Current MAID architectures employ Advanced Technology Architecture (ATA) disk drives.
The current generation of serial ATA (SATA) drives provide 250 gigabytes of storage and
bus speeds of 150 MB/sec on dedicated serial paths. The next generation SATA-II drives
scheduled for release during 2004 will provide a 300MB/sec bus speed. Engineered for
frequent power up and power down cycles, SATA drives are often found in laptop
configurations. SATA disk drives take at most 10 seconds to power up.
Fully configured MAIDs provide high capacity storage subsystem with the potential of
storing volumes of information in the hundreds of terabytes. However, the space
requirements for a fully configured MAID rack consumes much less space than an
automated tape library providing similar storage capacities. For instance, A Copan
Systems MAID rack provides 224 terabytes of raw disk storage only requires 10 square
feet of floor space plus three-foot access areas in front and rear of the rack.
A MAID provides large capacity with higher per unit density of disk versus tape storage
solutions. These virtual tape libraries (VTLs) emulate similar capabilities as digital tape
libraries. In fact, MAID technologies use individual disk drives as storage units instead of
individual magnetic tape cartridges used in digital tape libraries. Since the initial
implementation of MAID is to emulate tape libraries, storage applications for MAID
subsystems are similar to those as nearline tape subsystems. These applications include
storage of fixed content data and reference information such as satellite observations,
derived geophysical products, related documents and multi-media objects, email, and
historical analog records that have been converted to digital format. Unlike nearline
storage requirements for automated tape libraries, MAID applications are referred to as
Inline storage where static data and information remain online at all times.
The current implementation of MAID technology enables organizations to transition their
data and information to online media with little or no impact to the investments made in
the applications that were developed for the purpose of accessing the data and
information stored in nearline automated tape libraries. Copan Systems provides VTL
emulations by using the FalconStor VTL software. The FalconStor product emulates a
number of the more popular automated tape libraries subsystems. Specifically, the
FalconStor software emulates both the StorageTek 9710 digital tape library and the
Quantum DLT 7000 tape drive.
3. Description of the V0 Archive and Interfaces
The NSIDC DAAC Version 0 archive stores both heritage data sets and active data sets
such as the SSM/I time series, AVHRR polar pathfinder collections, various in situ data
sets, including collections being acquired during the various AMSR-E validation field
campaigns. The data stored in the Version 0 archive are rarely modified. Both data
collections generated by the NSIDC DAAC and data collections transferred to NSIDC by
external data producers are ingested into the Version 0 archive. The volume of data
stored in the archive is approximately twelve (12) terabyte; this volume does not include
those data collections stored off-line. Assuming current rates of ingest into the Version 0
archive, the NSIDC DAAC archive services staff expects the StorageTek 9710 digital
tape library to reach capacity early in fiscal year 2005.

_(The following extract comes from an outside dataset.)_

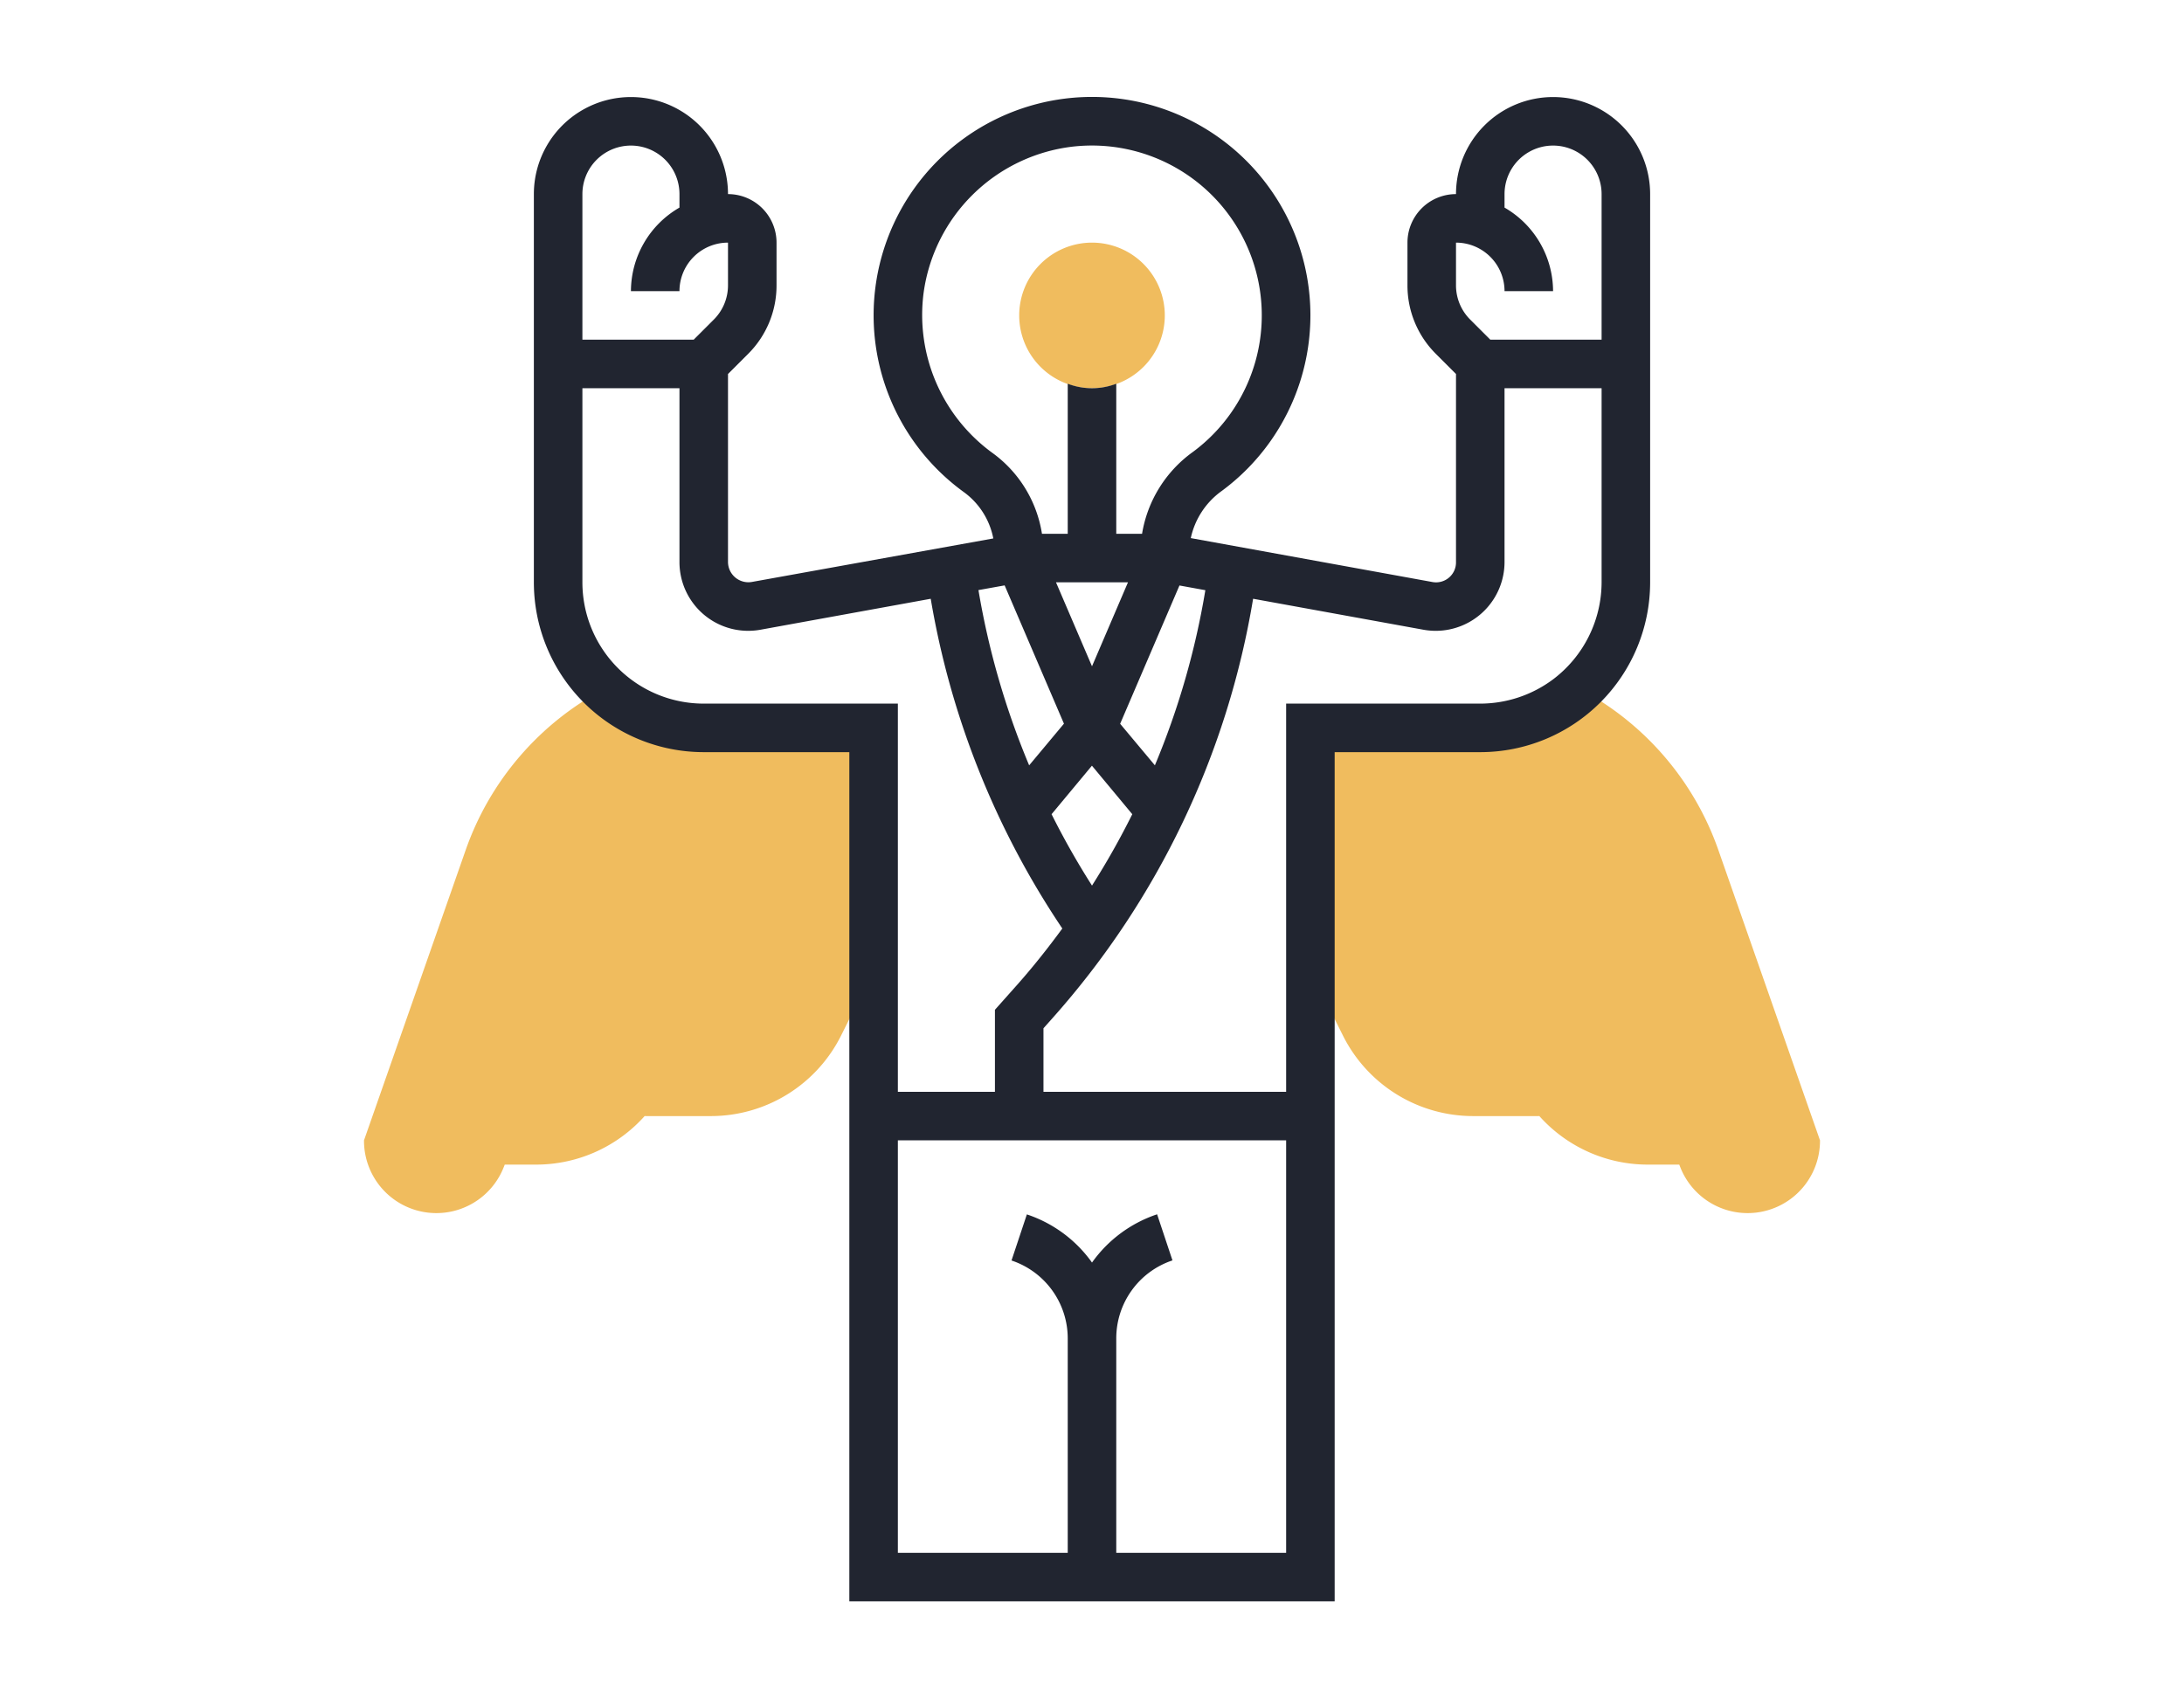 <?xml version="1.0" encoding="UTF-8"?> <svg xmlns="http://www.w3.org/2000/svg" width="90" height="70" viewBox="0 0 90 70"><g id="icone-rapidite-traitement" transform="translate(211 -94)"><rect id="Rectangle_946" data-name="Rectangle 946" width="90" height="70" transform="translate(-211 94)" fill="none"></rect><g id="Groupe_461" data-name="Groupe 461" transform="translate(-198 97)"><g id="Groupe_241" data-name="Groupe 241" transform="translate(2 25.388)"><path id="Tracé_633" data-name="Tracé 633" d="M22,27H16a5.916,5.916,0,0,1-4.087-1.612h0a12,12,0,0,0-5.723,6.647L2,44v.019a2.982,2.982,0,0,0,5.75,1.107L13,32,7.8,45H9.1a6,6,0,0,0,4.481-2.019L13.573,43h2.719a6,6,0,0,0,5.367-3.317L23,37V27Z" transform="translate(-2 -25.388)" fill="#f0bc5e"></path></g><g id="Groupe_243" data-name="Groupe 243" transform="translate(29 7)"><g id="Groupe_242" data-name="Groupe 242"><path id="Tracé_634" data-name="Tracé 634" d="M32,13a3,3,0,1,1,3-3A3,3,0,0,1,32,13Z" transform="translate(-29 -7)" fill="#f0bc5e"></path></g></g><g id="Groupe_244" data-name="Groupe 244" transform="translate(41 25.389)"><path id="Tracé_635" data-name="Tracé 635" d="M57.812,32.036a11.994,11.994,0,0,0-5.722-6.647h0A5.917,5.917,0,0,1,48,27H41V37l1.342,2.683A6,6,0,0,0,47.708,43h2.72l-.009-.018A5.994,5.994,0,0,0,54.9,45h1.3l.05.126A2.982,2.982,0,0,0,62,44.019V44Z" transform="translate(-41 -25.389)" fill="#f0bc5e"></path></g><path id="Tracé_636" data-name="Tracé 636" d="M51,1a4,4,0,0,0-4,4,2,2,0,0,0-2,2V8.757a3.975,3.975,0,0,0,1.172,2.829l.828.828v7.751a.822.822,0,0,1-.984.821l-9.945-1.808a3.222,3.222,0,0,1,1.277-1.944,9,9,0,1,0-10.632.046,3.085,3.085,0,0,1,1.217,1.912L17.98,20.986a.84.84,0,0,1-.98-.82V12.415l.828-.828A3.976,3.976,0,0,0,19,8.757V7a2,2,0,0,0-2-2A4,4,0,0,0,9,5V21a7,7,0,0,0,7,7h6V63H42V28h6a7,7,0,0,0,7-7V5a4,4,0,0,0-4-4ZM47,7a2,2,0,0,1,2,2h2a3.987,3.987,0,0,0-2-3.444V5a2,2,0,0,1,4,0v6H48.414l-.828-.828A1.987,1.987,0,0,1,47,8.757ZM32,33.5a32.5,32.5,0,0,1-1.666-2.942l1.663-2,1.663,2A32.484,32.484,0,0,1,32,33.5Zm0-9.038L30.516,21h2.967Zm-3.6-3.335,2.444,5.7L29.41,28.544a32.665,32.665,0,0,1-2.089-7.223Zm6.194,7.419L33.16,26.831l2.444-5.7,1.067.194a32.408,32.408,0,0,1-2.082,7.224ZM25.06,9.075a7.027,7.027,0,0,1,6.12-6.029,7,7,0,0,1,4.979,12.58A5.185,5.185,0,0,0,34.063,19H33V12.816a2.809,2.809,0,0,1-2,0V19H29.938a5.087,5.087,0,0,0-2.047-3.337A7.031,7.031,0,0,1,25.06,9.075ZM13,3a2,2,0,0,1,2,2v.556A3.987,3.987,0,0,0,13,9h2a2,2,0,0,1,2-2V8.757a1.989,1.989,0,0,1-.586,1.415L15.586,11H11V5a2,2,0,0,1,2-2Zm3,23a5,5,0,0,1-5-5V13h4v7.166a2.833,2.833,0,0,0,3.341,2.788l7.013-1.275a34.689,34.689,0,0,0,5.423,13.59c-.587.8-1.2,1.576-1.862,2.322L28,38.619V42H24V26ZM33,61V52.162a3.385,3.385,0,0,1,2.316-3.214l-.633-1.9A5.383,5.383,0,0,0,32,49.037a5.373,5.373,0,0,0-2.684-1.985l-.633,1.9A3.385,3.385,0,0,1,31,52.162V61H24V44H40V61ZM51,25a5.028,5.028,0,0,1-3,1H40V42H30V39.381l.41-.461a34.425,34.425,0,0,0,8.229-17.242l7.016,1.276a2.907,2.907,0,0,0,.511.046A2.837,2.837,0,0,0,49,20.166V13h4v8a5.025,5.025,0,0,1-2,4Z" fill="#212530"></path></g></g></svg>

Routine science processing is performed on data stored in the Version 0 archive to
generate higher-level science products. Data residing in the Version 0 archive are
distributed to the scientific and research communities on tape media and CD-R or DVD
media; users can also receive the data electronically from the NSIDC DAAC Version 0 ftp
server. In addition, custom products are derived from data stored in the Version 0 archive
by researchers using the GISMO and PSQ client interfaces. The GISMO and PSQ clients
provide users with the ability to extract subsets of the archived data and to receive these
subsets in any number of map projections and formats.
The diagram below depicts interfaces to the Version 0 archive.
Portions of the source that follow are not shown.